_Problem description_.
Whenever a line in the listing contains "tight", copy that line.
------------------------------
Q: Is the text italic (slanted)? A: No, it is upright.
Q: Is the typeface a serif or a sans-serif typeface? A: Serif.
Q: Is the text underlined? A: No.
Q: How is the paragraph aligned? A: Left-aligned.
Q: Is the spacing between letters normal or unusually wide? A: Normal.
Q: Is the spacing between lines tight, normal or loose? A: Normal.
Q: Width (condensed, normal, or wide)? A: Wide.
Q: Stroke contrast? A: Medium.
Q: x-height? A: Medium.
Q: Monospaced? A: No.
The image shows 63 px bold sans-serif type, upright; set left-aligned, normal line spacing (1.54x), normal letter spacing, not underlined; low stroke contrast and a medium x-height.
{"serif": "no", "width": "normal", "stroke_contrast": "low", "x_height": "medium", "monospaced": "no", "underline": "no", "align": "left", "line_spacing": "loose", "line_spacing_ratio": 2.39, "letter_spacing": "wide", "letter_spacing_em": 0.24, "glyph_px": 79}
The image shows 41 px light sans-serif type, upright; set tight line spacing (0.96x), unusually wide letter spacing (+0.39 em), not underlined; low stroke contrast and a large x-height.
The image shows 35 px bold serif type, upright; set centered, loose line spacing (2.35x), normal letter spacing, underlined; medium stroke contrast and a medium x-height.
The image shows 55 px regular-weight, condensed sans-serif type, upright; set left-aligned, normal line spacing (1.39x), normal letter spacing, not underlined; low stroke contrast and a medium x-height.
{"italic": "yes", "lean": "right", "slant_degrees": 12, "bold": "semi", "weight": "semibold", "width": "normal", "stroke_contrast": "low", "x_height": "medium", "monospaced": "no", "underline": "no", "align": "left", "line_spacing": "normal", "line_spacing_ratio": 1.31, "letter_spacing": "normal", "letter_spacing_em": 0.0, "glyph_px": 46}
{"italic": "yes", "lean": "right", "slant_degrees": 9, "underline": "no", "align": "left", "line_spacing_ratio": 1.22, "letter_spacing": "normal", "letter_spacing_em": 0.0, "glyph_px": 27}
------------------------------
_Result of this task_.
Q: Is the spacing between lines tight, normal or loose? A: Normal.
The image shows 41 px light sans-serif type, upright; set tight line spacing (0.96x), unusually wide letter spacing (+0.39 em), not underlined; low stroke contrast and a large x-height.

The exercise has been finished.